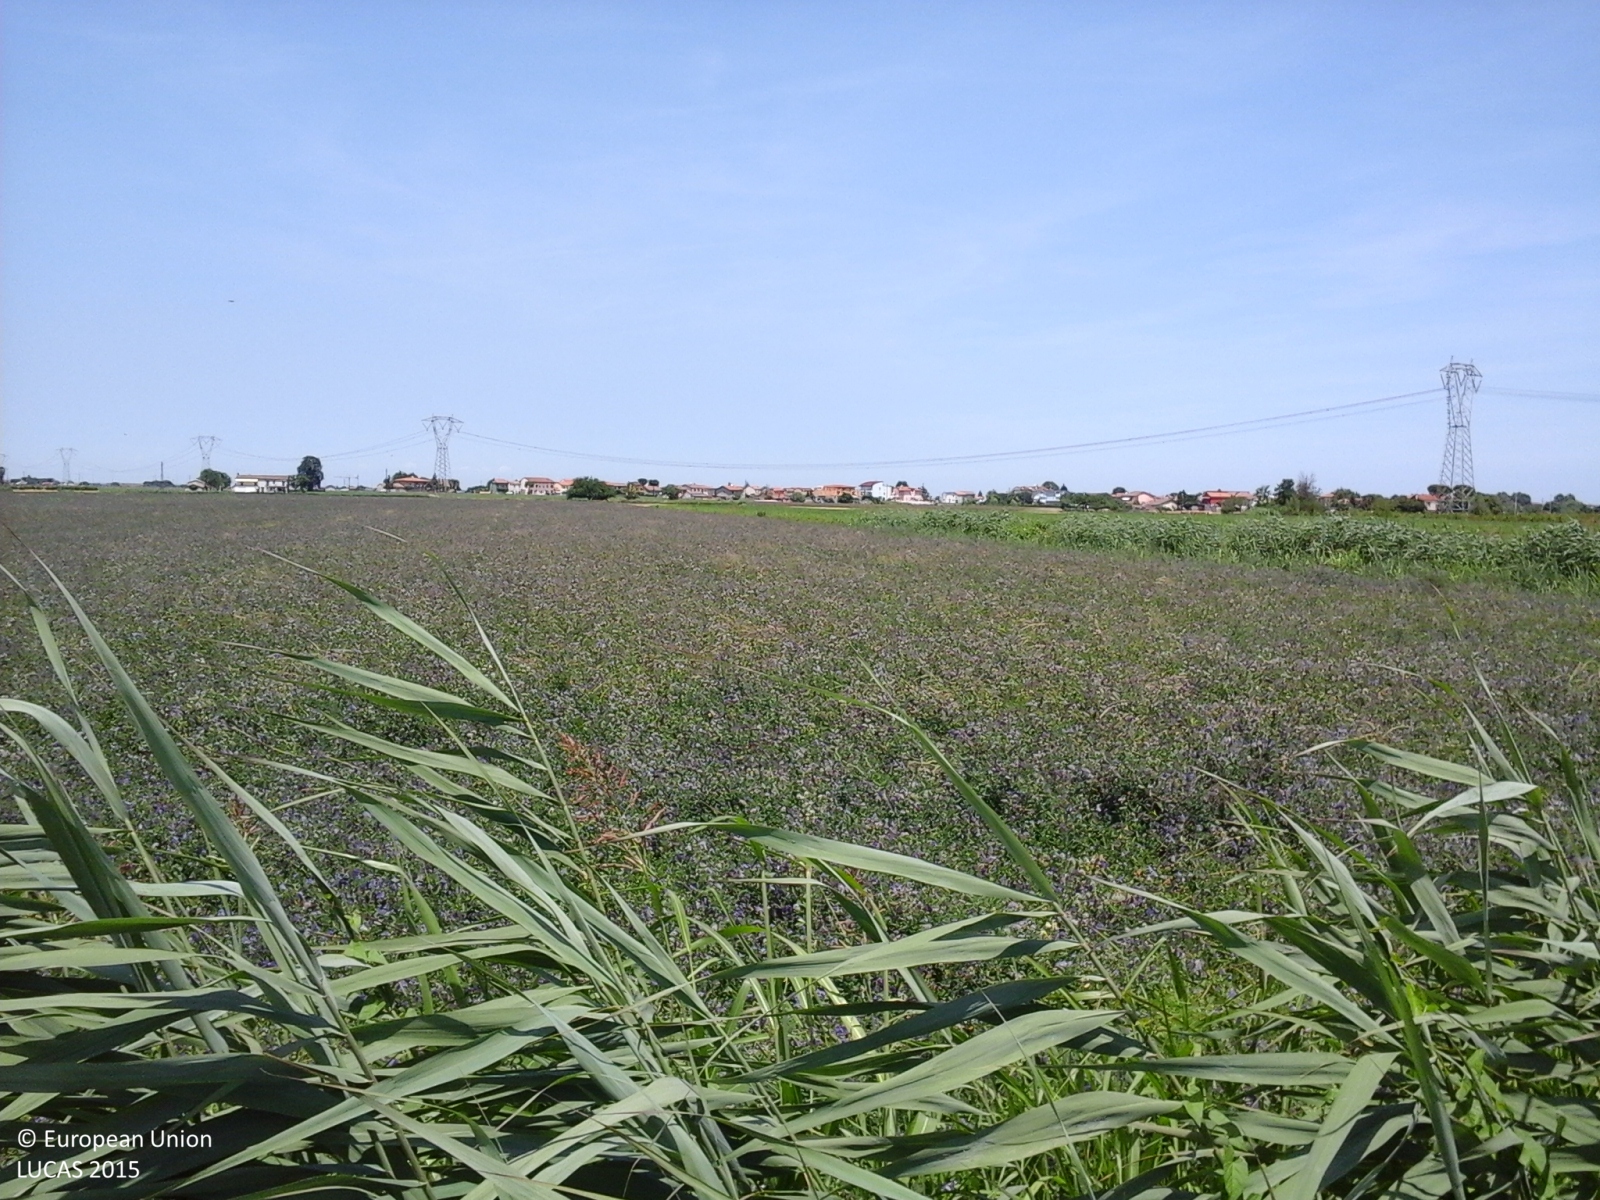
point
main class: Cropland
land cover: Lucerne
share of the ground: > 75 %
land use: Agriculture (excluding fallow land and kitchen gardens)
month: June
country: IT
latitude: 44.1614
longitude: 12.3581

◆ **Aim of the exercise**
Please reproduce the whole listing exactly; the pictures stay out.

◆ **Task solution**
point
main class: Cropland
land cover: Lucerne
share of the ground: > 75 %
land use: Agriculture (excluding fallow land and kitchen gardens)
month: June
country: IT
latitude: 44.1614
longitude: 12.3581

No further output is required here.